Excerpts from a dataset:
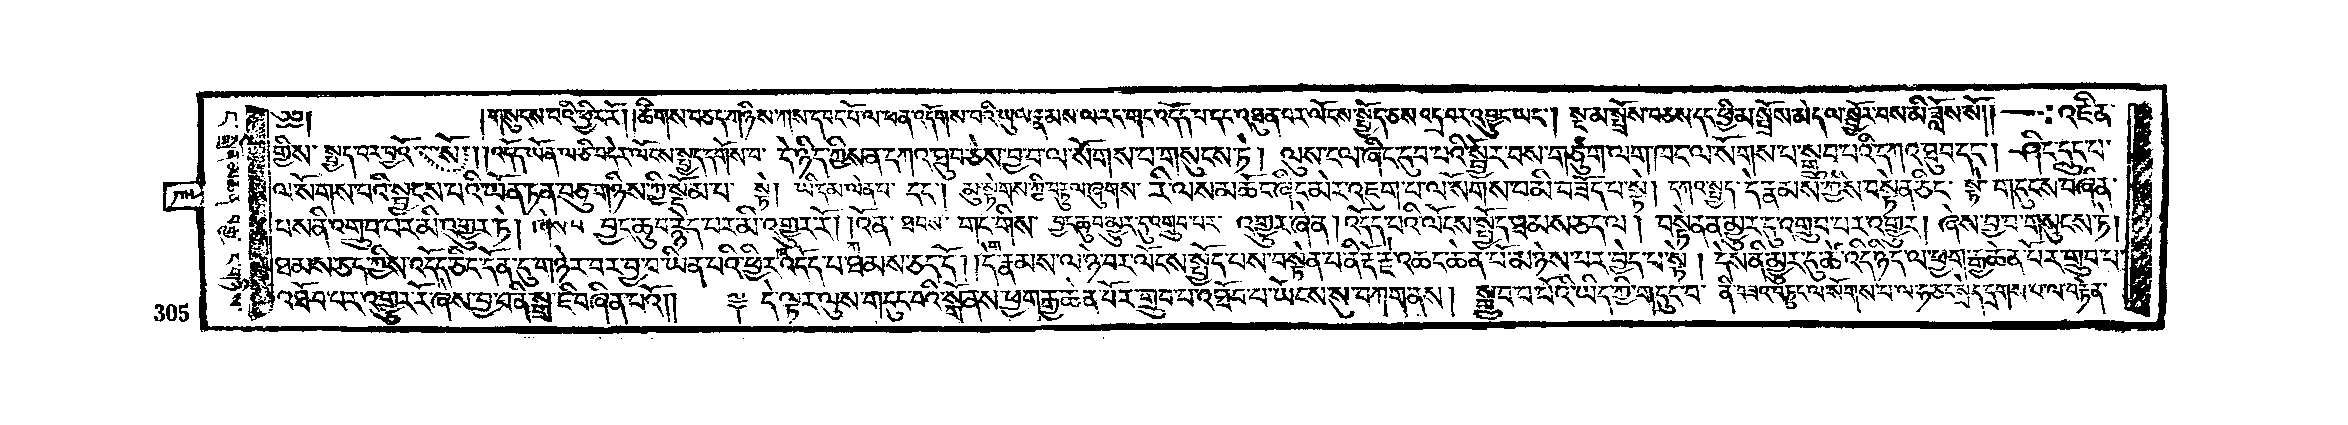༄༅། །གསུངས་པའི་ཕྱིར་རོ། །ཚིགས་བཅད་གཉིས་ཀས་དབང་པོ་ལ་ཕན་འདོགས་པའི་ཡུལ་རྣམས་ལ་རང་གང་འདོད་པ་དང་འཐུན་པར་ལོངས་སྤྱོད་ཅེས་འདྲ་བར་འབྱུང་ཡང་། སྔ་མ་སྤྲོས་བཅས་དང་ཕྱི་མ་སྤྲོས་མེད་ལ་སྦྱོར་བས་མི་ཟློས་སོ།། .H འཛིན་
གྱིས་སྤྱད་པར་བྱའོ་སོ། ། འདོད་ཡོན་ལ་ཅི་བདེར་ལོངས་སྤྱོད་དགོས་པ་དེ་ཉིད་ཀྱིས་ན་དཀའ་ཐུབ་ཅེས་བྱ་བ་ལ་སོགས་པ་གསུངས་ཏེ། ལུས་ངལ་ཞིང་དུབ་པའི་སྦྱོར་བས་གཙུག་ལག་ཁང་ལ་སོགས་པ་སྒྲུབ་པའི་དཀའ་ཐུབ་དང་། ཤིང་དྲུང་པ་
ལ་སོགས་པའི་སྦྱངས་པའི་ཡོན་ཏན་བཅུ་གཉིས་ཀྱི་སྡོམ་པ་སྟེ། ཡི་དམ་ལེན་པ་དང་། མུ་སྟེགས་ཀྱི་བརྟུལ་ཞུགས་རི་ལས་མཆོང་ཞིང་མེར་འཇུག་པ་ལ་སོགས་པ་མི་བཟོད་པ་སྟེ། དཀའ་སྤྱད་དེ་རྣམས་ཀྱིས་བསྟེན་ཅིང་སྟེ་གདུངས་བཞིན་
པས་ནི་འགྲུབ་པར་མི་འགྱུར་ཏེ། ཞེས་པ་བྱང་ཆུབ་རྙེད་པར་མི་འགྱུར་རོ། །འོ་ན་ཐབས་གང་གིས་བྱང་ཆུབ་མྱུར་དུ་འགྲུབ་པར་འགྱུར་ཞེ་ན། འདོད་པའི་ལོངས་སྤྱོད་ཐམས་ཅད་ལ། བསྟེན་ན་མྱུར་དུ་འགྲུབ་པར་འགྱུར། ཞེས་བྱ་བ་གསུངས་ཏེ།
ཐམས་ཅད་ཀྱིས་འདོད་ཅིང་དོན་དུ་གཉེར་བར་བྱ་བ་ཡིན་པའི་ཕྱིར་ཁ་འདོད་པ་ཀ་ཐམས་ཅད་དོ། ། ག་དེ་རྣམས་ལ་ཉེ་བར་ལོངས་སྤྱོད་པས་བསྟེན་པ་ནི་རྡོ་རྗེ་འཆང་ཆེན་པོ་མཉེས་པར་བྱེད་པ་སྟེ། དེས་ནི་མྱུར་དུ་ཚེ་འདི་ཉིད་ལ་ཕྱག་རྒྱ་ཆེན་པོར་གྲུབ་པ་
འཐོབ་པར་འགྱུར་རོ་ཞེས་བྱ་བ་ནི་སྒྲ་ཇི་བཞིན་པའོ།། ༈ དེ་ལྟར་ལུས་གདུང་བའི་སྒོ་ནས་ཕྱག་རྒྱ་ཆེན་པོར་གྲུབ་པ་འཐོབ་པ་ཡོངས་སུ་བཀག་ནས། སྒྲུབ་པ་པོའི་ཡིད་ཀྱི་གདུང་བ་ནི་བཟའ་བཏུང་ལ་སོགས་པ་ལ་ཧ་ཅང་སྲེད་དྲགས་པ་ལ་བརྟེན་
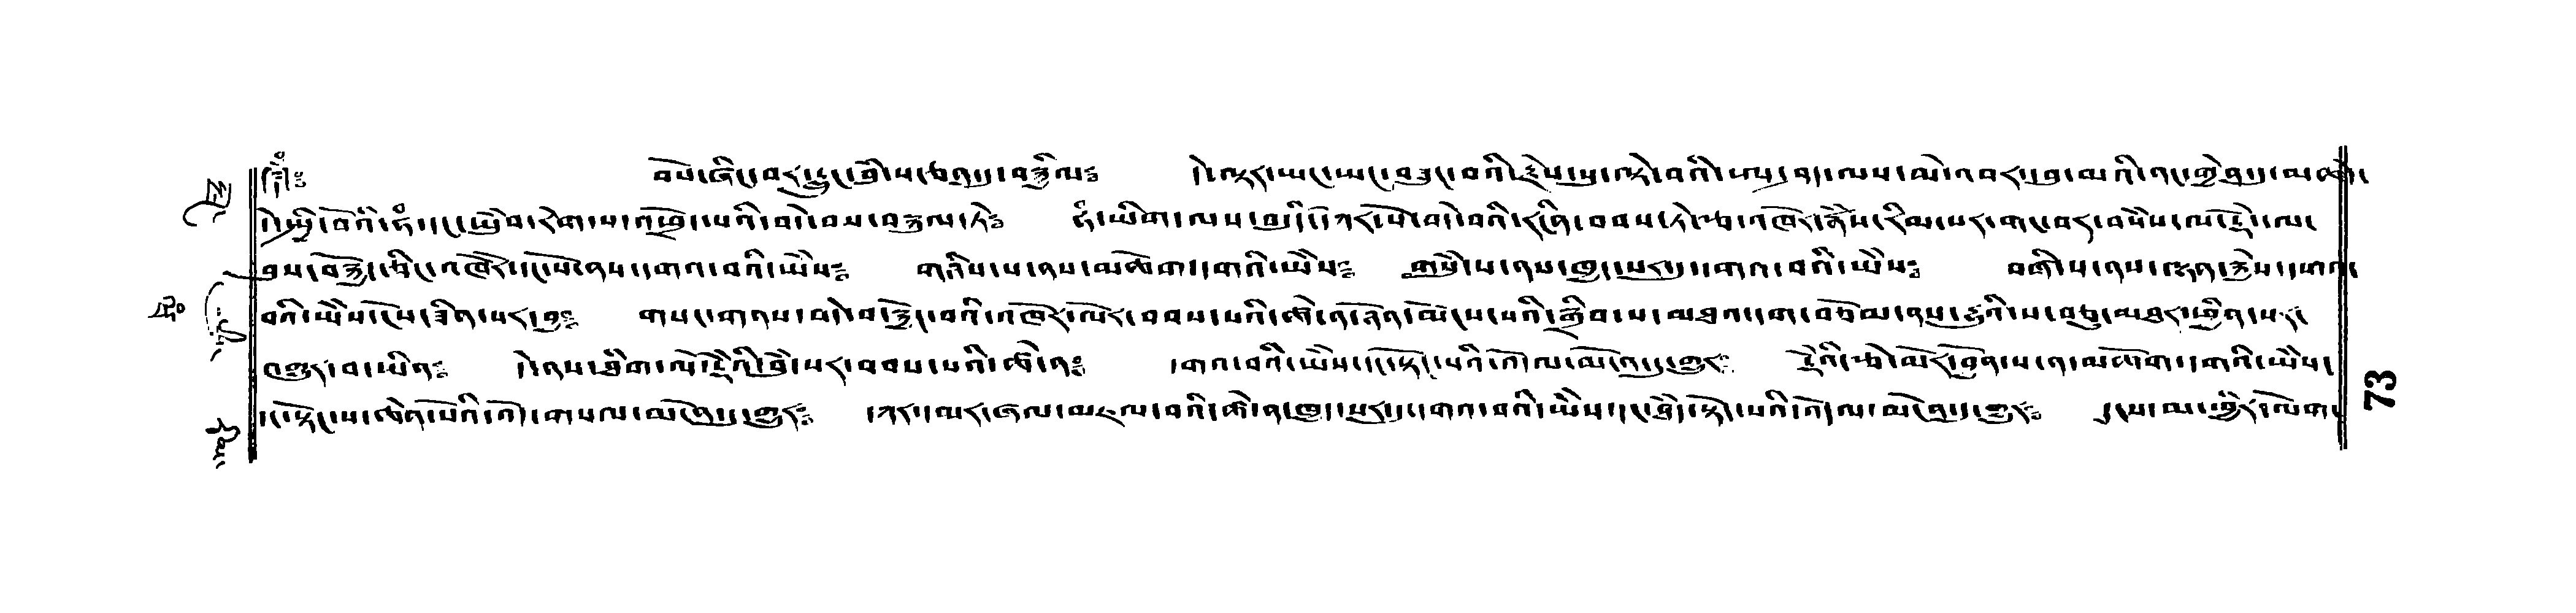གསོ་ཞིང་བར་རླུང་བུམ་པ་ཅན་དུ་བསྐྱིལ༔ དེ་ལྟར་ཡང་ཡང་བཟུང་བའི་རྗེས་སུ་ལྟེ་བའི་ཨ་ཤད་ལས་མེ་འབར་དབུ་མའི་ནང་གྱེན་དུ་མཆེད་
དེ་སྤྱི་བོའི་ཧཾ་དང་ཡབ་ཡུམ་རེག་པ་འཕྲོད་པའི་བདེ་བས་བསྐུལ་ཏེ༔ ཧཾ་ཡིག་ལས་བདུད་རྩི་དཀར་པོ་བདེ་བའི་རང་བཞིན་བབས་ཏེ་རྩ་འཁོར་རྣམས་རིམ་པར་གང་བར་བསམ་ལ་རྡོ་རྗེ་དལ་
བུས་བསྐྱོད་ཅིང་འཁོར་ལོ་དང་པོ་ནས་དགའ་བའི་ཡེ་ཤེས༔ གཉིས་པ་ནས་མཆོག་དགའི་ཡེ་ཤེས༔ གསུམ་པ་ནས་ཁྱད་པར་དུ་དགའ་བའི་ཡེ་ཤེས༔ བཞི་པ་ནས་ལྷན་སྐྱེས་དགའ་
བའི་ཡེ་ཤེས་ངོས་ཟིན་པར་བྱ༔ གསང་གནས་བདེ་བ་སྐྱོང་བའི་འཁོར་ལོར་བབས་པའི་ཚེ་ན་ཉོན་མོངས་པའི་སྒྲིབ་པ་མཐའ་དག་བཅོམ་ནས་རྒྱུའི་ས་བཅུ་མཐར་ཕྱིན་པར་
འགྱུར་བ་ཡིན༔དེ་ནས་ཐིག་ལེ་རྡོ་རྗེའི་བུམ་པར་བབས་པའི་ཚེ་ན༔ དགའ་བའི་ཡེ་ཤེས་དང་སྟོང་པའི་འོད་གསལ་མངོན་དུ་གྱུར༔ རྡོ་རྗེའི་རྩེ་མོར་བྱོན་པ་ན་མཆོག་དགའི་ཡེ་ཤེས་
དང་སྟོང་པ་ཆེན་པོའི་འོད་གསལ་མངོན་དུ་གྱུར༔ དཀར་དམར་ཞལ་མཇལ་བའི་ཚེ་ན་ཁྱད་པར་དུ་དགའ་བའི་ཡེ་ཤེས་དང་ཐམས་ཅད་སྟོང་པའི་འོད་གསལ་མངོན་དུ་གྱུར༔ དྭངས་མ་ཕྱིར་ལོག་

WORK INSTRUCTIONS: Return the entries above exactly and in full; do not include images.

RESULT OF THE TASK:
༄༅། །གསུངས་པའི་ཕྱིར་རོ། །ཚིགས་བཅད་གཉིས་ཀས་དབང་པོ་ལ་ཕན་འདོགས་པའི་ཡུལ་རྣམས་ལ་རང་གང་འདོད་པ་དང་འཐུན་པར་ལོངས་སྤྱོད་ཅེས་འདྲ་བར་འབྱུང་ཡང་། སྔ་མ་སྤྲོས་བཅས་དང་ཕྱི་མ་སྤྲོས་མེད་ལ་སྦྱོར་བས་མི་ཟློས་སོ།། .H འཛིན་
གྱིས་སྤྱད་པར་བྱའོ་སོ། ། འདོད་ཡོན་ལ་ཅི་བདེར་ལོངས་སྤྱོད་དགོས་པ་དེ་ཉིད་ཀྱིས་ན་དཀའ་ཐུབ་ཅེས་བྱ་བ་ལ་སོགས་པ་གསུངས་ཏེ། ལུས་ངལ་ཞིང་དུབ་པའི་སྦྱོར་བས་གཙུག་ལག་ཁང་ལ་སོགས་པ་སྒྲུབ་པའི་དཀའ་ཐུབ་དང་། ཤིང་དྲུང་པ་
ལ་སོགས་པའི་སྦྱངས་པའི་ཡོན་ཏན་བཅུ་གཉིས་ཀྱི་སྡོམ་པ་སྟེ། ཡི་དམ་ལེན་པ་དང་། མུ་སྟེགས་ཀྱི་བརྟུལ་ཞུགས་རི་ལས་མཆོང་ཞིང་མེར་འཇུག་པ་ལ་སོགས་པ་མི་བཟོད་པ་སྟེ། དཀའ་སྤྱད་དེ་རྣམས་ཀྱིས་བསྟེན་ཅིང་སྟེ་གདུངས་བཞིན་
པས་ནི་འགྲུབ་པར་མི་འགྱུར་ཏེ། ཞེས་པ་བྱང་ཆུབ་རྙེད་པར་མི་འགྱུར་རོ། །འོ་ན་ཐབས་གང་གིས་བྱང་ཆུབ་མྱུར་དུ་འགྲུབ་པར་འགྱུར་ཞེ་ན། འདོད་པའི་ལོངས་སྤྱོད་ཐམས་ཅད་ལ། བསྟེན་ན་མྱུར་དུ་འགྲུབ་པར་འགྱུར། ཞེས་བྱ་བ་གསུངས་ཏེ།
ཐམས་ཅད་ཀྱིས་འདོད་ཅིང་དོན་དུ་གཉེར་བར་བྱ་བ་ཡིན་པའི་ཕྱིར་ཁ་འདོད་པ་ཀ་ཐམས་ཅད་དོ། ། ག་དེ་རྣམས་ལ་ཉེ་བར་ལོངས་སྤྱོད་པས་བསྟེན་པ་ནི་རྡོ་རྗེ་འཆང་ཆེན་པོ་མཉེས་པར་བྱེད་པ་སྟེ། དེས་ནི་མྱུར་དུ་ཚེ་འདི་ཉིད་ལ་ཕྱག་རྒྱ་ཆེན་པོར་གྲུབ་པ་
འཐོབ་པར་འགྱུར་རོ་ཞེས་བྱ་བ་ནི་སྒྲ་ཇི་བཞིན་པའོ།། ༈ དེ་ལྟར་ལུས་གདུང་བའི་སྒོ་ནས་ཕྱག་རྒྱ་ཆེན་པོར་གྲུབ་པ་འཐོབ་པ་ཡོངས་སུ་བཀག་ནས། སྒྲུབ་པ་པོའི་ཡིད་ཀྱི་གདུང་བ་ནི་བཟའ་བཏུང་ལ་སོགས་པ་ལ་ཧ་ཅང་སྲེད་དྲགས་པ་ལ་བརྟེན་
གསོ་ཞིང་བར་རླུང་བུམ་པ་ཅན་དུ་བསྐྱིལ༔ དེ་ལྟར་ཡང་ཡང་བཟུང་བའི་རྗེས་སུ་ལྟེ་བའི་ཨ་ཤད་ལས་མེ་འབར་དབུ་མའི་ནང་གྱེན་དུ་མཆེད་
དེ་སྤྱི་བོའི་ཧཾ་དང་ཡབ་ཡུམ་རེག་པ་འཕྲོད་པའི་བདེ་བས་བསྐུལ་ཏེ༔ ཧཾ་ཡིག་ལས་བདུད་རྩི་དཀར་པོ་བདེ་བའི་རང་བཞིན་བབས་ཏེ་རྩ་འཁོར་རྣམས་རིམ་པར་གང་བར་བསམ་ལ་རྡོ་རྗེ་དལ་
བུས་བསྐྱོད་ཅིང་འཁོར་ལོ་དང་པོ་ནས་དགའ་བའི་ཡེ་ཤེས༔ གཉིས་པ་ནས་མཆོག་དགའི་ཡེ་ཤེས༔ གསུམ་པ་ནས་ཁྱད་པར་དུ་དགའ་བའི་ཡེ་ཤེས༔ བཞི་པ་ནས་ལྷན་སྐྱེས་དགའ་
བའི་ཡེ་ཤེས་ངོས་ཟིན་པར་བྱ༔ གསང་གནས་བདེ་བ་སྐྱོང་བའི་འཁོར་ལོར་བབས་པའི་ཚེ་ན་ཉོན་མོངས་པའི་སྒྲིབ་པ་མཐའ་དག་བཅོམ་ནས་རྒྱུའི་ས་བཅུ་མཐར་ཕྱིན་པར་
འགྱུར་བ་ཡིན༔དེ་ནས་ཐིག་ལེ་རྡོ་རྗེའི་བུམ་པར་བབས་པའི་ཚེ་ན༔ དགའ་བའི་ཡེ་ཤེས་དང་སྟོང་པའི་འོད་གསལ་མངོན་དུ་གྱུར༔ རྡོ་རྗེའི་རྩེ་མོར་བྱོན་པ་ན་མཆོག་དགའི་ཡེ་ཤེས་
དང་སྟོང་པ་ཆེན་པོའི་འོད་གསལ་མངོན་དུ་གྱུར༔ དཀར་དམར་ཞལ་མཇལ་བའི་ཚེ་ན་ཁྱད་པར་དུ་དགའ་བའི་ཡེ་ཤེས་དང་ཐམས་ཅད་སྟོང་པའི་འོད་གསལ་མངོན་དུ་གྱུར༔ དྭངས་མ་ཕྱིར་ལོག་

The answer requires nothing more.